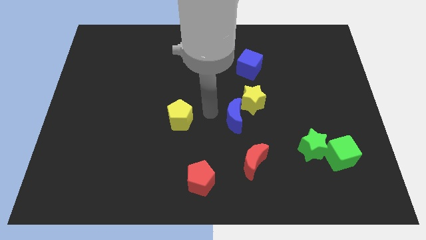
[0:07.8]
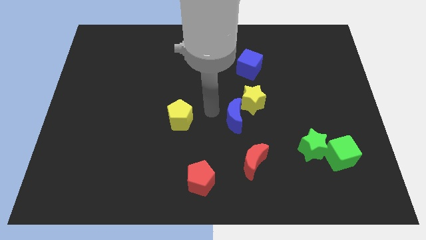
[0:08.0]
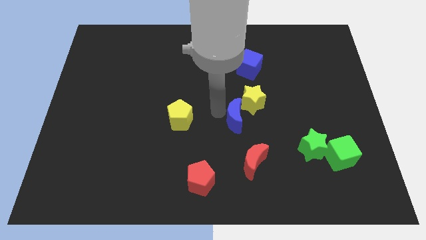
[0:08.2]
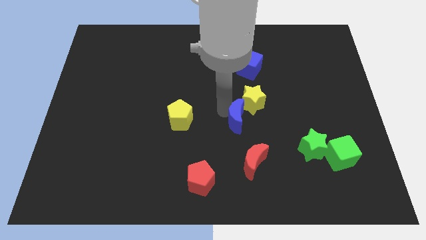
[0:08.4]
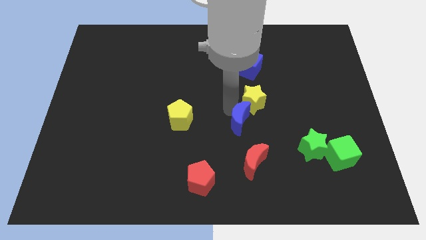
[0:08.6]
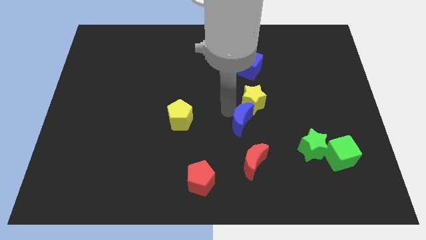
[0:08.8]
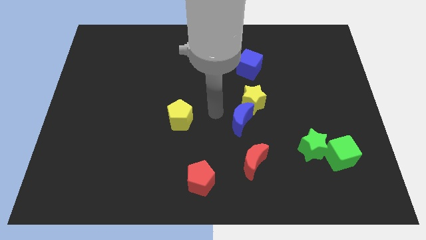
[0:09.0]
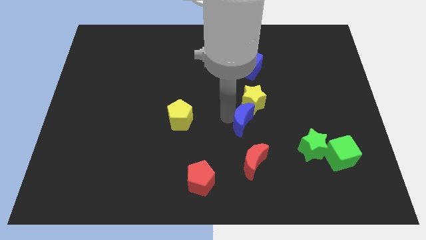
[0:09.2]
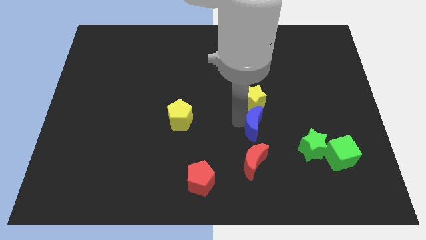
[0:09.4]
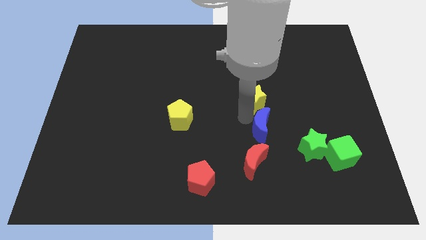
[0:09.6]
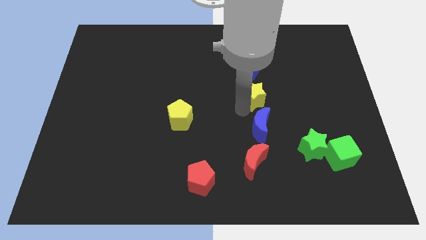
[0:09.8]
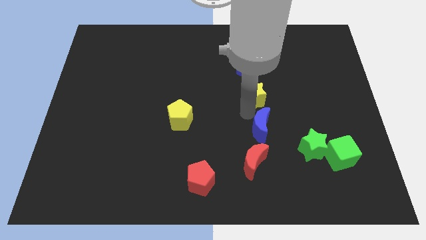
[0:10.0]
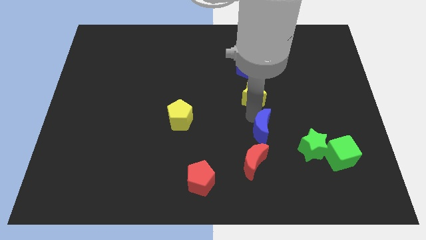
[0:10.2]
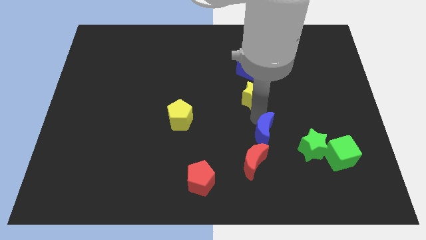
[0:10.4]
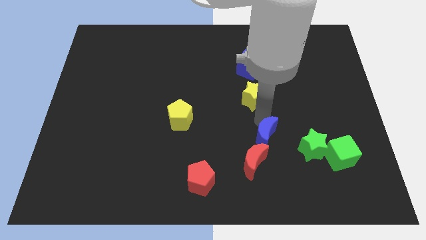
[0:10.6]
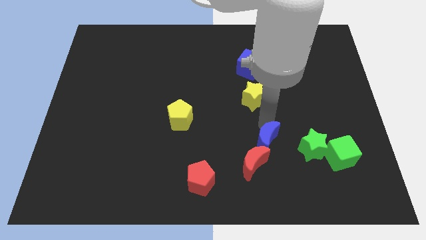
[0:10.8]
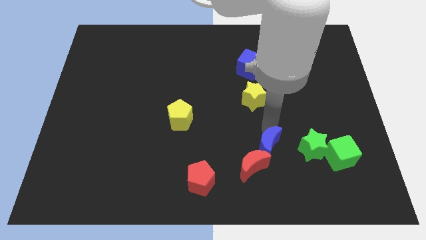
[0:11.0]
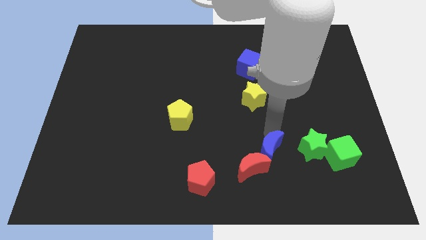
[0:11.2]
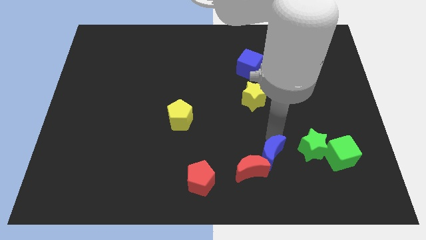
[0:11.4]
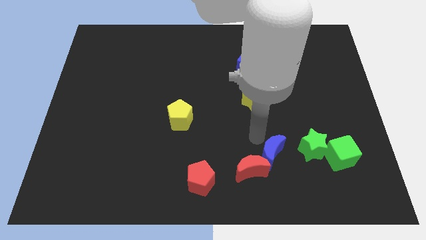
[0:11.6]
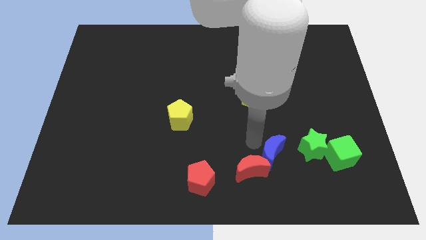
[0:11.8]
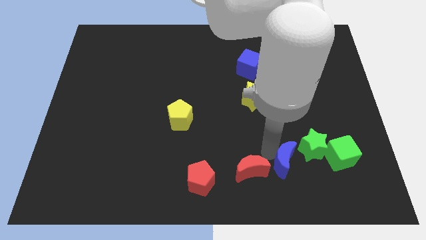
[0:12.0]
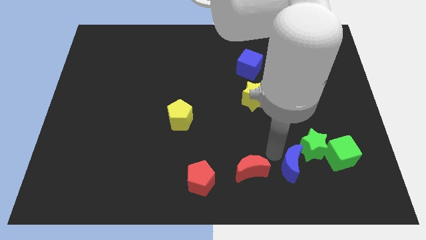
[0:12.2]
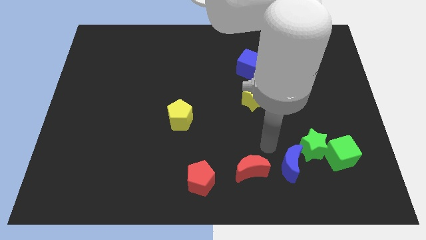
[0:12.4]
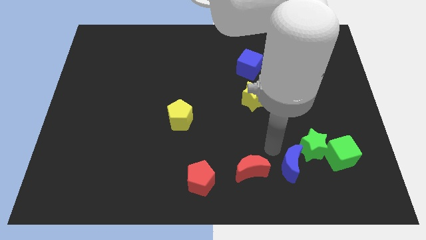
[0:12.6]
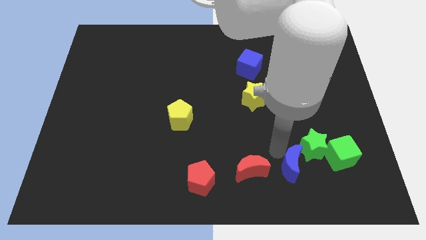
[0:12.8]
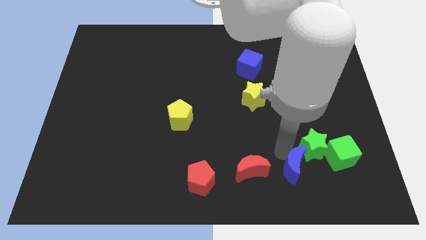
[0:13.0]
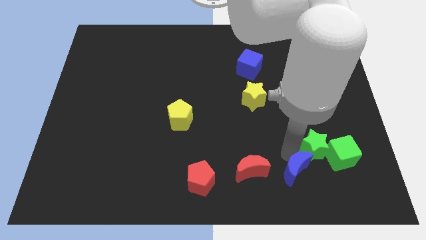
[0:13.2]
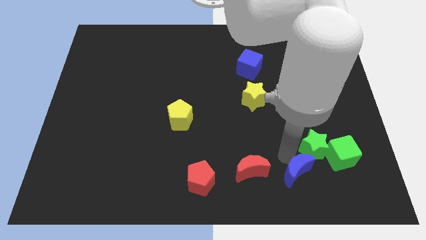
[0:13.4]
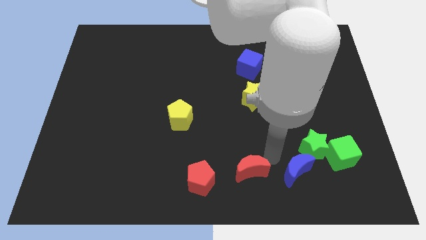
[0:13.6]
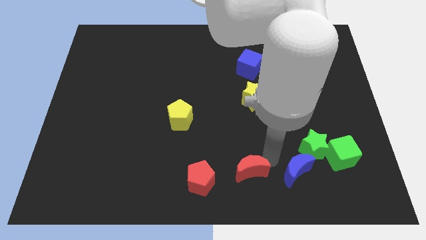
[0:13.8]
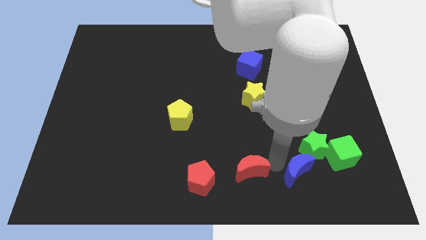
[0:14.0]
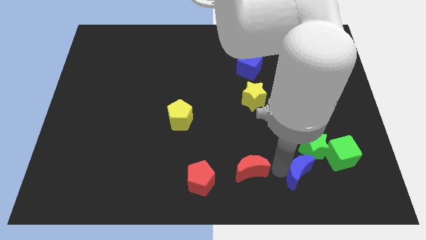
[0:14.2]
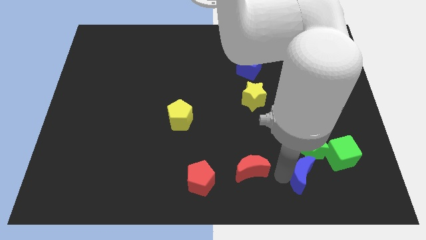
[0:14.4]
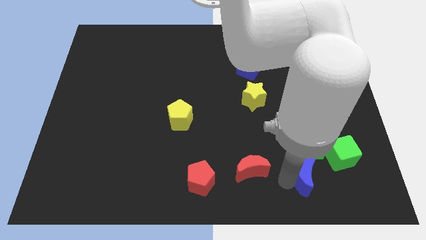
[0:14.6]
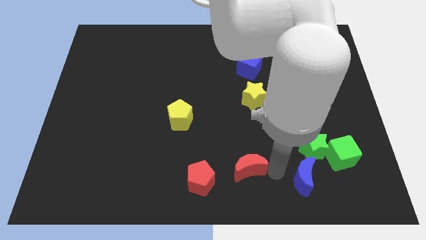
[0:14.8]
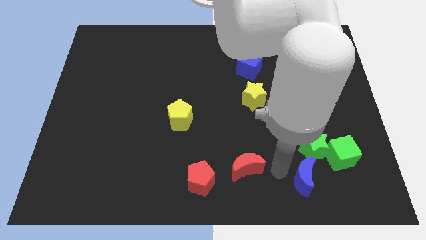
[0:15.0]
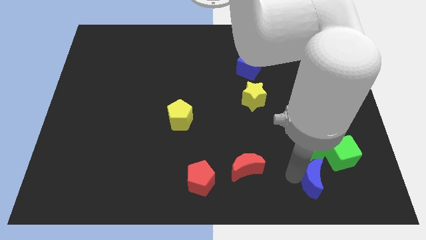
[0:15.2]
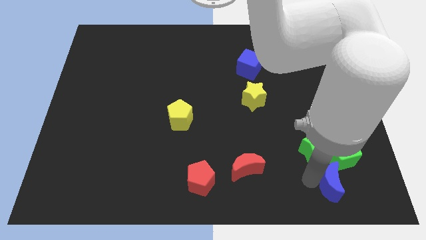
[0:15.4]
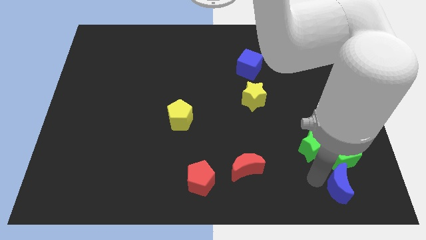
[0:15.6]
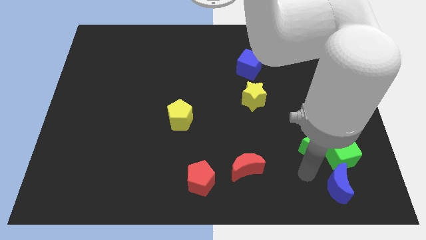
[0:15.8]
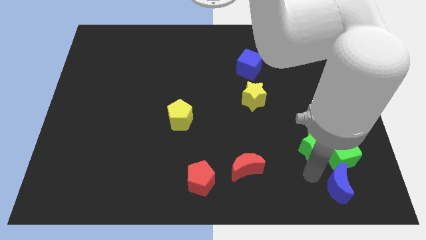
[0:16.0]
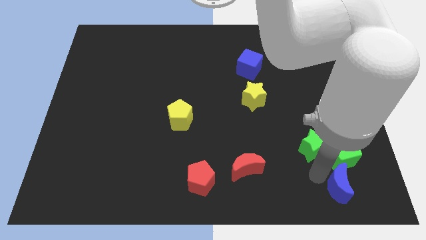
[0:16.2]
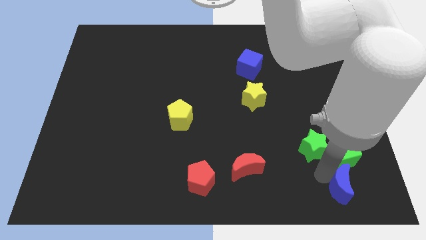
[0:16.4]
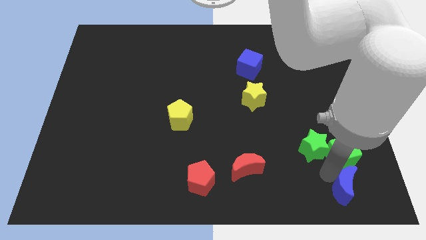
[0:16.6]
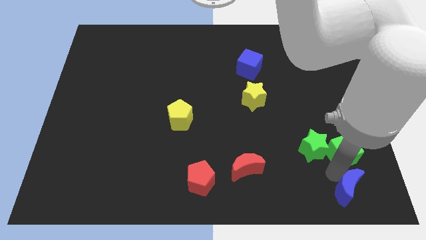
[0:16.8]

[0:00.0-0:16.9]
--
### What the task asks
Restate each record from above word for word, excluding any picture it holds.

### Answer to the problem
[0:07.8]
[0:08.0]
[0:08.2]
[0:08.4]
[0:08.6]
[0:08.8]
[0:09.0]
[0:09.2]
[0:09.4]
[0:09.6]
[0:09.8]
[0:10.0]
[0:10.2]
[0:10.4]
[0:10.6]
[0:10.8]
[0:11.0]
[0:11.2]
[0:11.4]
[0:11.6]
[0:11.8]
[0:12.0]
[0:12.2]
[0:12.4]
[0:12.6]
[0:12.8]
[0:13.0]
[0:13.2]
[0:13.4]
[0:13.6]
[0:13.8]
[0:14.0]
[0:14.2]
[0:14.4]
[0:14.6]
[0:14.8]
[0:15.0]
[0:15.2]
[0:15.4]
[0:15.6]
[0:15.8]
[0:16.0]
[0:16.2]
[0:16.4]
[0:16.6]
[0:16.8]

[0:00.0-0:16.9]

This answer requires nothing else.